#### Task
Count the lines below containing "mask"; state the number only.
╭─ Records for the exercise
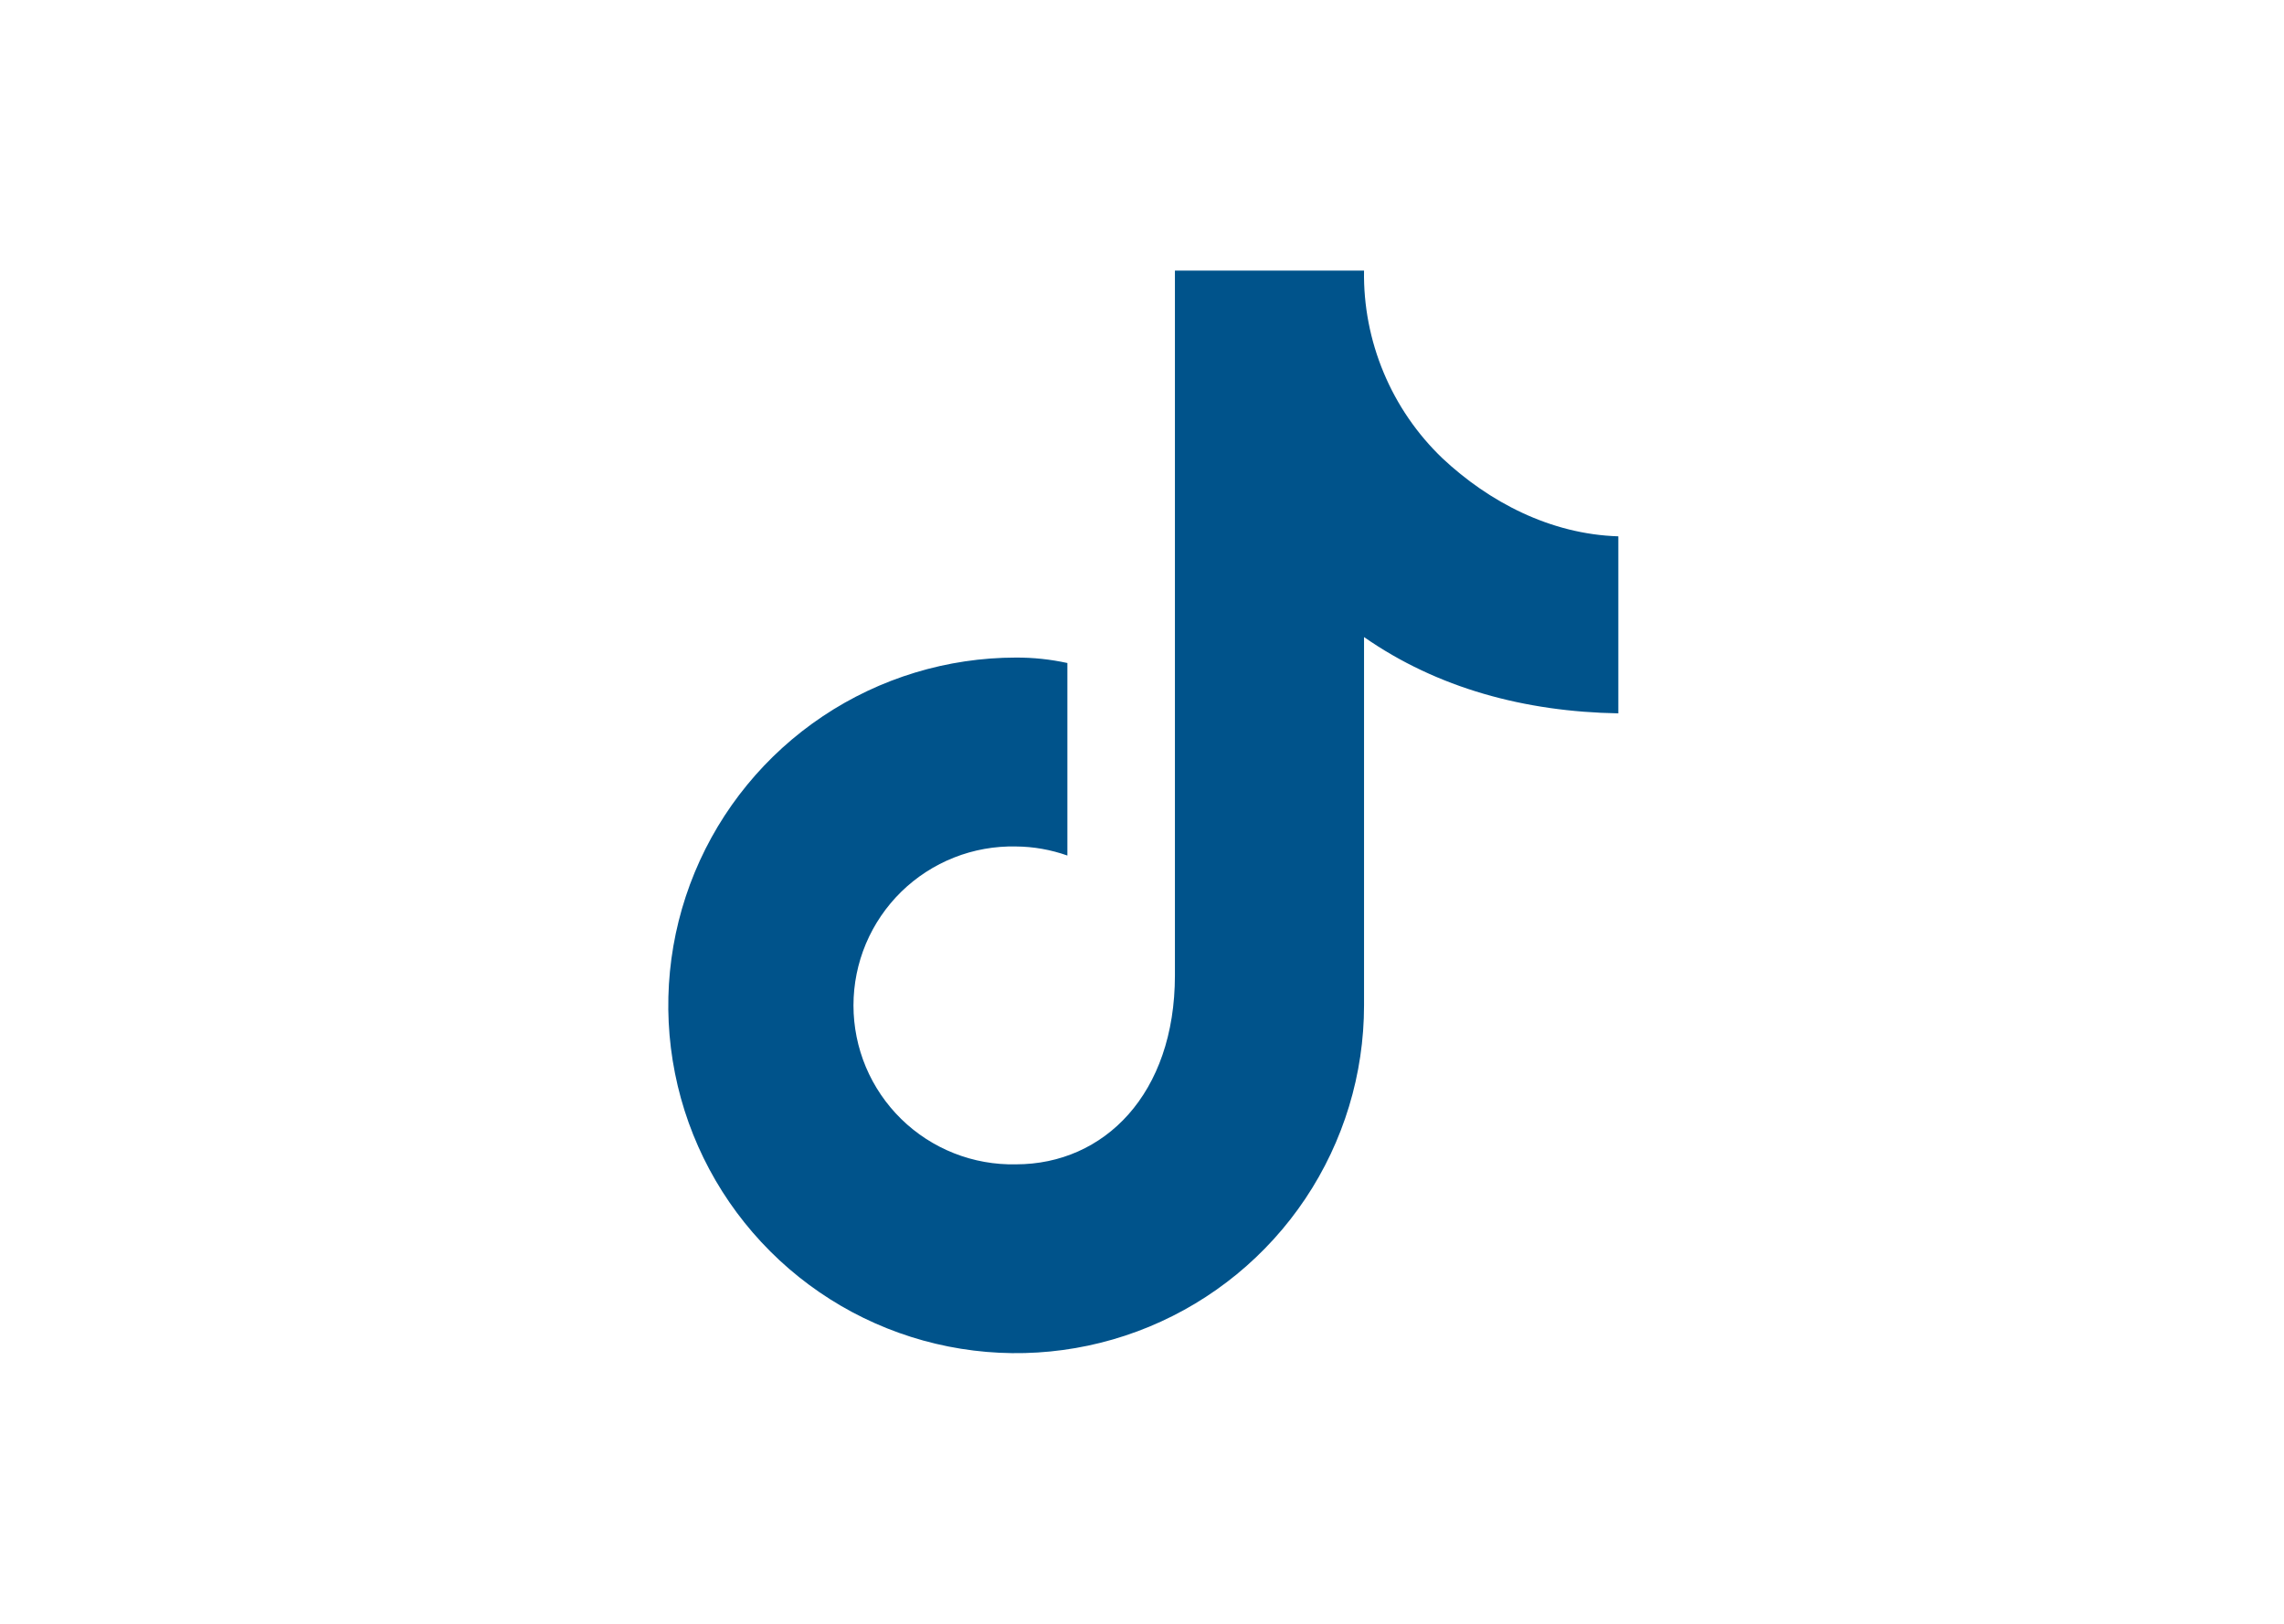 <svg width="45" height="32" viewBox="0 0 48 48" fill="none" xmlns="http://www.w3.org/2000/svg">
  <path fill-rule="evenodd" clip-rule="evenodd" d="M38.077 15.854C36.069 15.793 34.251 14.834 32.879 13.547C32.132 12.832 31.54 11.969 31.142 11.015C30.743 10.06 30.545 9.034 30.562 8H24.973V28.829C24.973 32.343 22.877 34.418 20.276 34.418C19.651 34.432 19.028 34.321 18.446 34.091C17.864 33.861 17.334 33.518 16.886 33.08C16.439 32.642 16.083 32.12 15.84 31.543C15.598 30.966 15.473 30.346 15.473 29.72C15.473 29.094 15.598 28.475 15.84 27.898C16.083 27.321 16.439 26.798 16.886 26.36C17.334 25.923 17.864 25.579 18.446 25.349C19.028 25.119 19.651 25.008 20.276 25.022C20.794 25.026 21.307 25.117 21.795 25.29V19.599C21.296 19.49 20.787 19.436 20.276 19.438C18.243 19.439 16.256 20.043 14.566 21.173C12.876 22.303 11.559 23.909 10.781 25.788C10.004 27.667 9.801 29.734 10.198 31.727C10.595 33.722 11.575 35.553 13.013 36.99C14.451 38.428 16.283 39.407 18.277 39.803C20.271 40.199 22.338 39.995 24.216 39.217C26.095 38.438 27.7 37.121 28.83 35.43C29.959 33.74 30.562 31.752 30.562 29.719V18.832C32.727 20.342 35.315 21.04 38.077 21.087V15.854Z" fill="#00538B"/>
</svg>
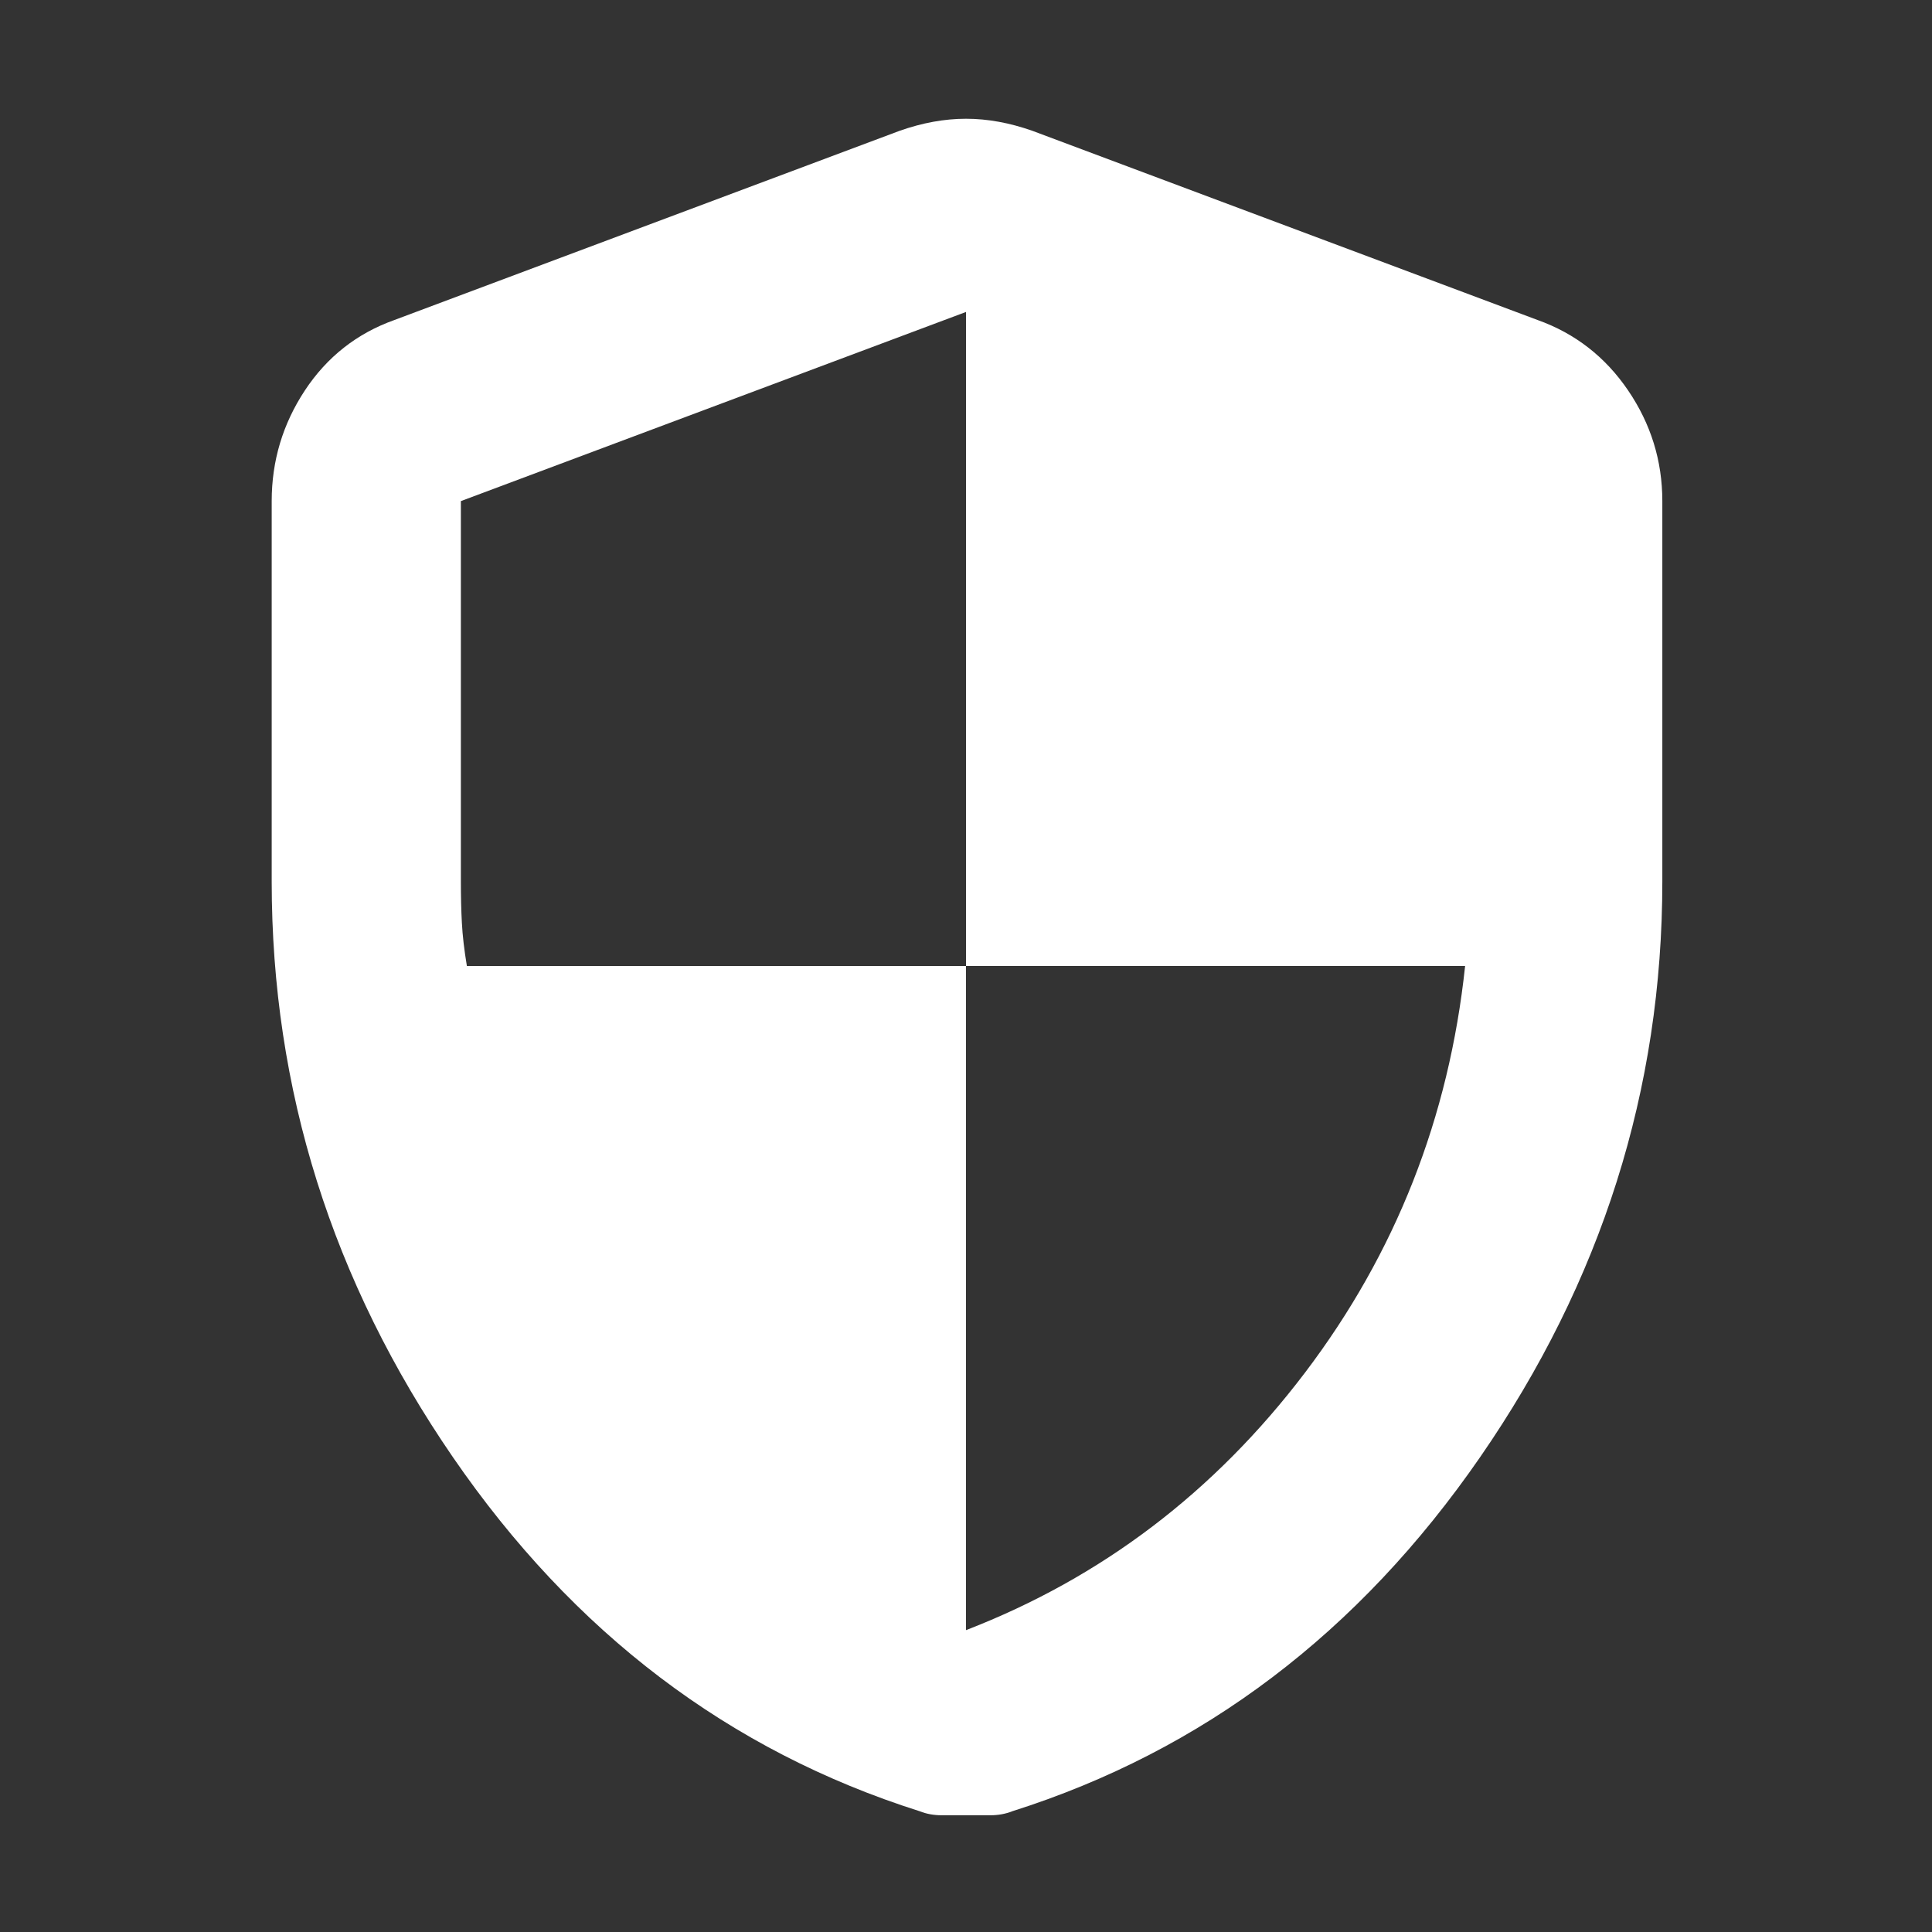 <svg width="62" height="62" viewBox="0 0 62 62" fill="none" xmlns="http://www.w3.org/2000/svg">
<rect x="0" y="0" width="62" height="62" fill="#333333" stroke="none"/>
<mask id="mask0_35_252" style="mask-type:alpha" maskUnits="userSpaceOnUse" x="0" y="0" width="62" height="62">
<rect width="62" height="62" fill="#D9D9D9"/>
</mask>
<g mask="url(#mask0_35_252)">
<path d="M30.225 58.254C29.967 58.254 29.73 58.211 29.515 58.125C23.401 56.188 18.406 52.399 14.531 46.758C10.656 41.118 8.719 34.961 8.719 28.288V16.081C8.719 14.79 9.074 13.606 9.784 12.529C10.495 11.453 11.453 10.699 12.658 10.269L28.869 4.198C29.601 3.94 30.311 3.811 31 3.811C31.689 3.811 32.399 3.94 33.131 4.198L49.342 10.269C50.547 10.699 51.516 11.453 52.248 12.529C52.98 13.606 53.346 14.79 53.346 16.081V28.288C53.346 34.961 51.398 41.118 47.501 46.758C43.605 52.399 38.599 56.188 32.485 58.125C32.27 58.211 32.033 58.254 31.775 58.254H30.225ZM31 52.313C35.349 50.633 38.976 47.878 41.882 44.046C44.788 40.214 46.5 35.865 47.017 31H31V10.011L14.79 16.081V28.288C14.79 28.761 14.8 29.203 14.822 29.612C14.843 30.021 14.897 30.483 14.983 31H31V52.313Z" fill="white"/>
</g>
</svg>
╰─
#### Reply
3